In August 2007, nearly 10% of the House of Representatives visited the Apartheid State in just two weeks, funded entirely by the AIEF. And that's just 14 days out of a 365 day year. Nearly all of the Congress is sent to Israel for what Bradley Gordon of AIPAC describes as "educational programming". It has been suggested by some members of Congress that these brainwashing trips should be made illegal.
Referring to the August 2007 congressional mass exodus to the Terror State, Paul Craig Roberts writes:
According to news reports, another 40 are following these two groups during the August recess, and “by the time the year is out every single member of Congress will have made their rounds in Israel.” This claim is probably overstated, but it does show careful Israeli management of U.S. policy in the Middle East.
Former Israeli Knesset Member Uri Avenim hits the nail on the head in the final paragraphs of his article The Best Senate Money Can Buy, originally published by Haaretz:
In the US Congress they talk, not only of granting Israel the money it asks for, but also of exciting initiatives of goodwill as, for example, the transfer of the US embassy from Tel Aviv to Jerusalem. Such steps are bound, of course, to undermine the US position and prestige in all the Islamic states; but such considerations do not worry most Congress and Senate members overmuch, as their sole aim is to be re-elected.
The paying of donations to US administration officials is considered one of the most vital sections of Israeli expenditure. Once having paid these tributes to US officials, Israel is thus guaranteed, in return, huge sums of money in the form of US grants.
For the $4.25m Israel has paid to prime the US Congress, Israel will receive a US grant totalling $2.6bn. for its money, therefore, Israel will have struck the bargain of the century, receiving an interest of 60,000 per cent on its original investment. The extra grant to Israel will increase that interest even more.
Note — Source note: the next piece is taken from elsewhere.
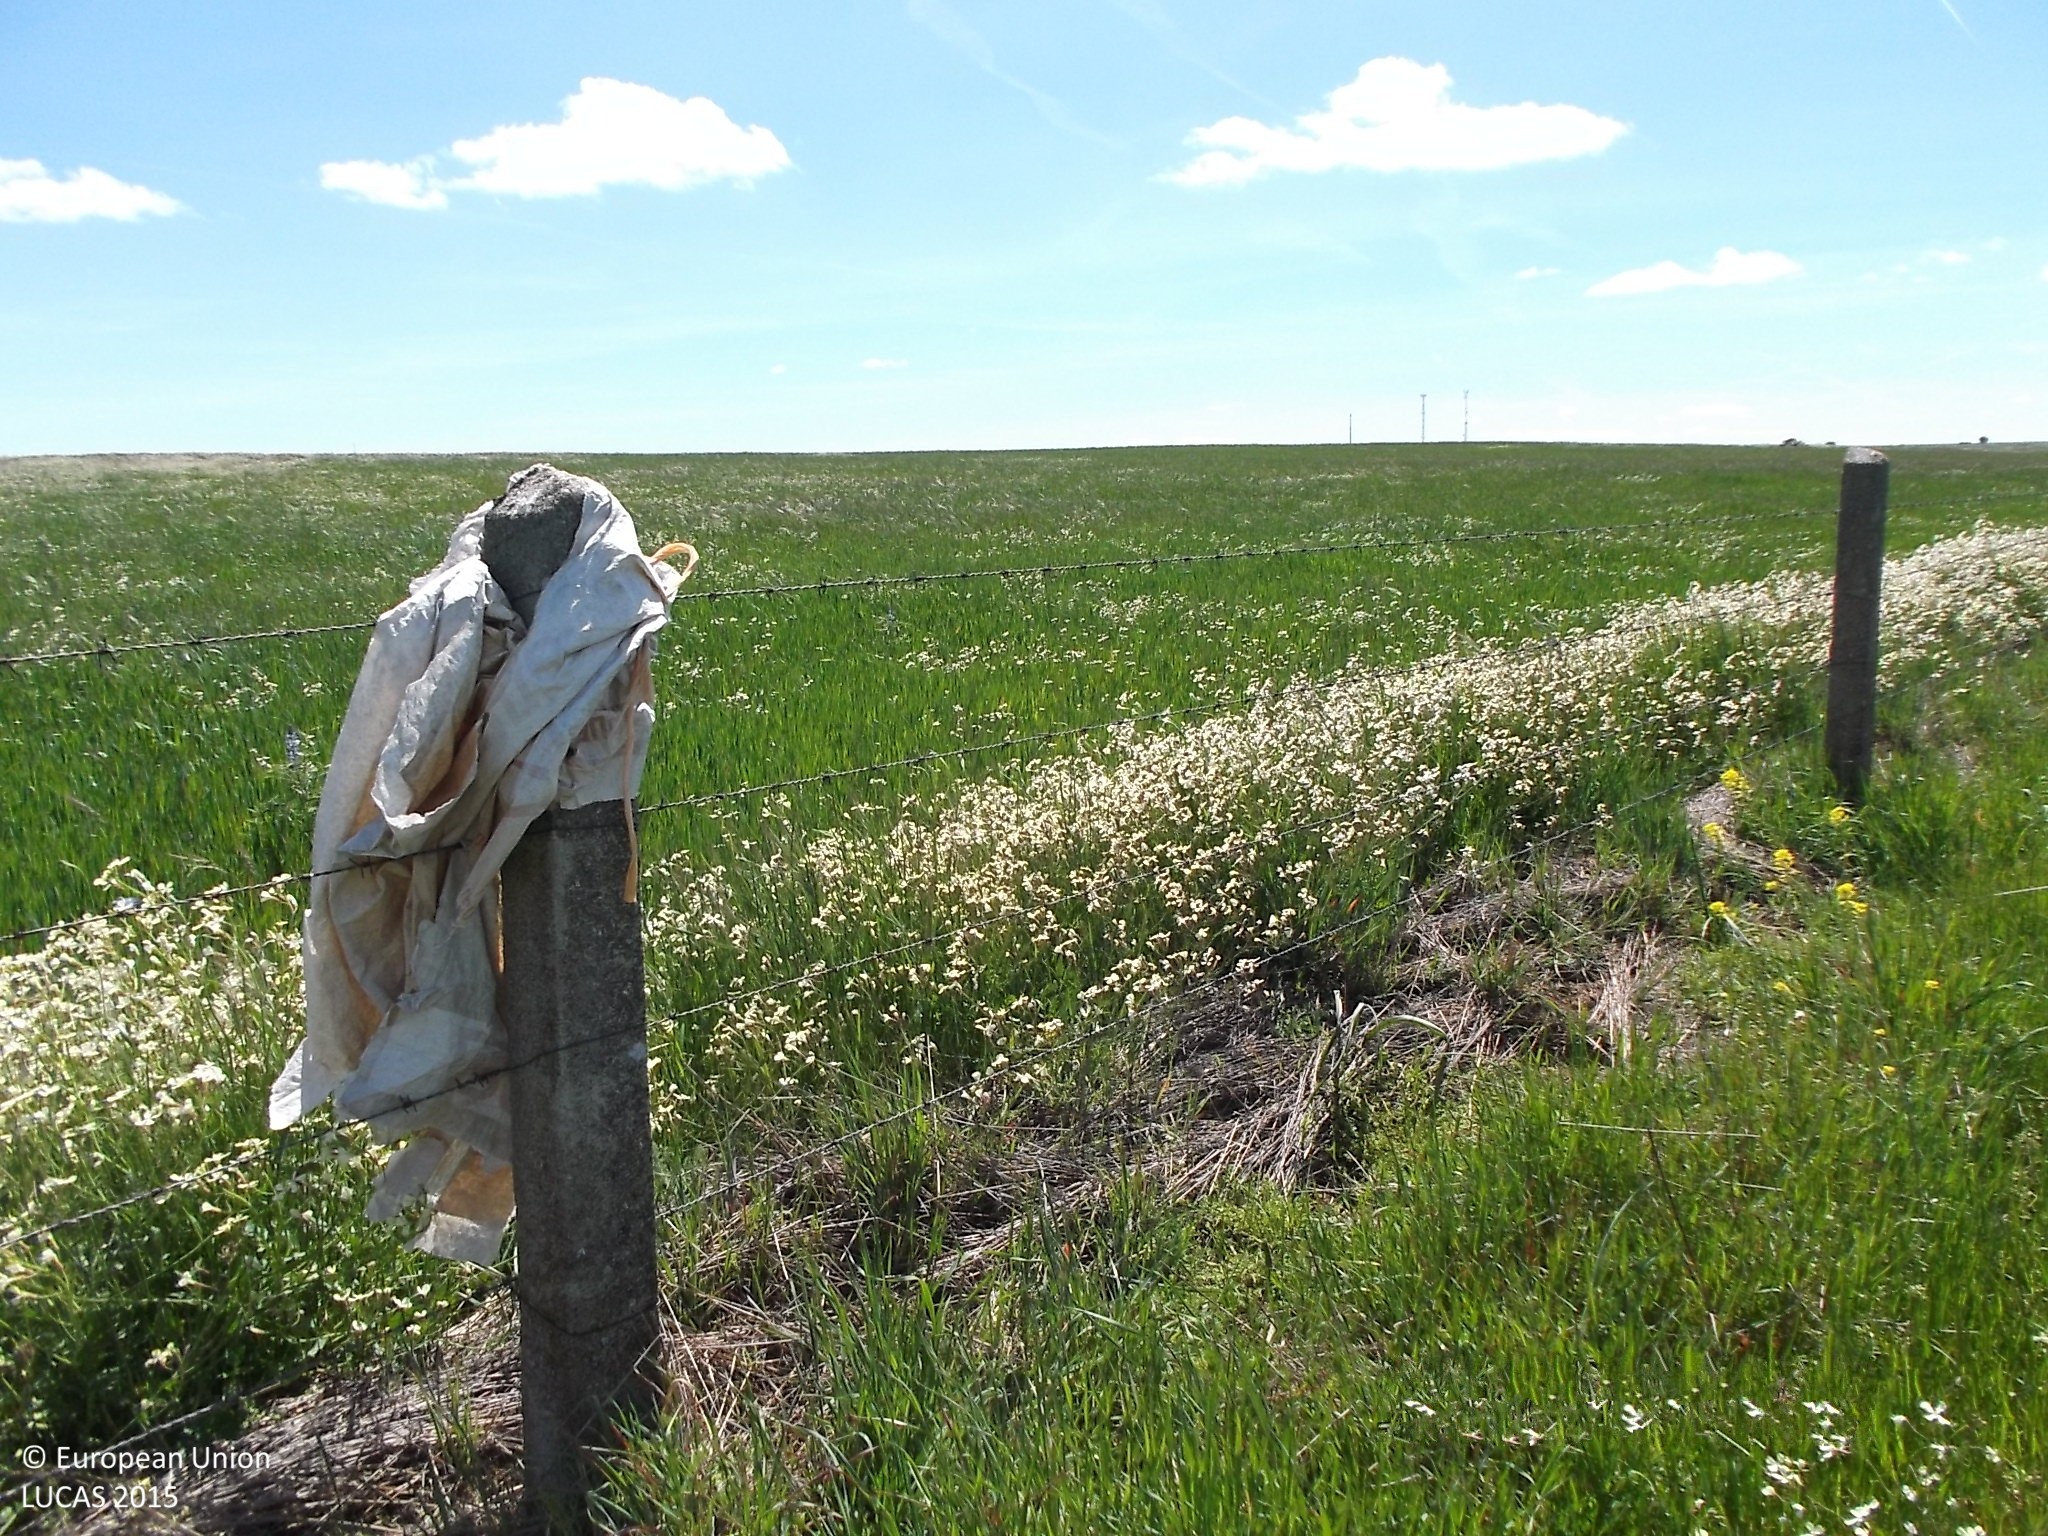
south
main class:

Had it been possible to cure the Israeli economic disease with the flood of US dollars, there would have been no problem. The problem is that all this cash flow is to no avail for, according to many economic experts, such arrangements make the situation even more complicated.
One thing, however, is quite clear: Israel is not the 51st state of the United States of America, as some would like to think; rather, the US Congress is one of the occupied areas of Israel.
America is truly Israel's bitch.
Update: There are now a total of 45 Jews in Congress - 32 in the House and 13 in the Senate - setting an all time record. See 'Record no. of Jews elected to Congress', Jerusalem Post, November 5.